O) Consta no ponto 12 da ata n° 14, junta como doc n° 3 com o requerimento inicial dos autos apenso, que «em carta de 30.7.2013, um candidato fez chegar ao júri um print screen de uma página, também do fórum www.formpsp.pt, de 18.6, data em que ainda decorriam as provas, de um participante no fórum que não é possível identificar nessa impressão, com a seguinte mensagem: «Fui o primeiro a fazer as provas para os psicos. No dia seguinte já todos sabiam resultados e um outro quadro (...) para o fim já sabem a sabem a solução dos 20 problemas e já sabem as respostas ao quadro. Digo-te mais ... ligaram-me a perguntar se queria o quadro ... eu respondi que já tinha feito o dito cujo.
P) Consta no ponto 13 da ata n° 14, junta como doc n° 3 com o requerimento inicial dos autos apensos, que «também em carta datada de 2.8.2013, um outro candidato acompanha a sua reclamação com uma impressão de uma página do Facebook, com uma mensagem datada de 25.7.2013, de um perfil em nome de A........, que se intitula como pertencendo ao Comando de Setúbal, existindo um candidato A........ no concurso, desse comando, com os seguintes dizeres, entre outros: «só sei que vi uma mensagem de um colega com parte do teste em pdf... por azar o colega já o tinha feito quando a recebeu».
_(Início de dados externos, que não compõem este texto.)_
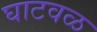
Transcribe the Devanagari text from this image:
घाटवळ

Q) Consta no ponto 14 da ata n° 14, junta como doc n° 3 com o requerimento inicial dos autos apensos, que «muitos candidatos fizeram chegar ao júri reclamações da forma como alguns candidatos que saiam da prova transmitiam aos seguintes informações sobre a mesma».
R) Assim, em 14.8.2013 o júri considerando as situações descritas, sobretudo nos pontos n° 10 a 14 da ata n° 14 junta como doc n° 3 com o requerimento inicial dos autos apensos, aliadas ao elevado número de notas 20 na prova psicológica, decidiu ser «forte convicção dos membros do júri que alguns candidatos já tinham bastante informação sobre a prova e mesmo que a poderão ter realizado de modo fraudulento. Não pode, por isso, em consciência, propor a V Exa., senhor Diretor Nacional uma lista de ordenação final para homologação tendo em conta esses factos descritos, que considera muito graves.
Nestes termos, o júri deliberou o seguinte:
a. anular a prova psicológica que decorreu na Escola Prática de Polícia de 13 a 20.6.2013, em 24.6.203 na RA da Madeira e em 28.6.2013 na RA dos Açores, bem como os seus resultados, voltando o concurso à fase de aplicação dos métodos de seleção;
b. o júri irá avaliar a melhor solução para aplicação deste método de seleção, que será, oportunamente, comunicado aos candidatos;
c. o júri irá elaborar um relatório circunstanciado com as situações descritas na presente ata, propondo a S Ex a. o Diretor Nacional da PSP a averiguação da eventual existência de responsabilidades a nível criminal e/ ou disciplinar, para que não voltem a ocorrer no futuro.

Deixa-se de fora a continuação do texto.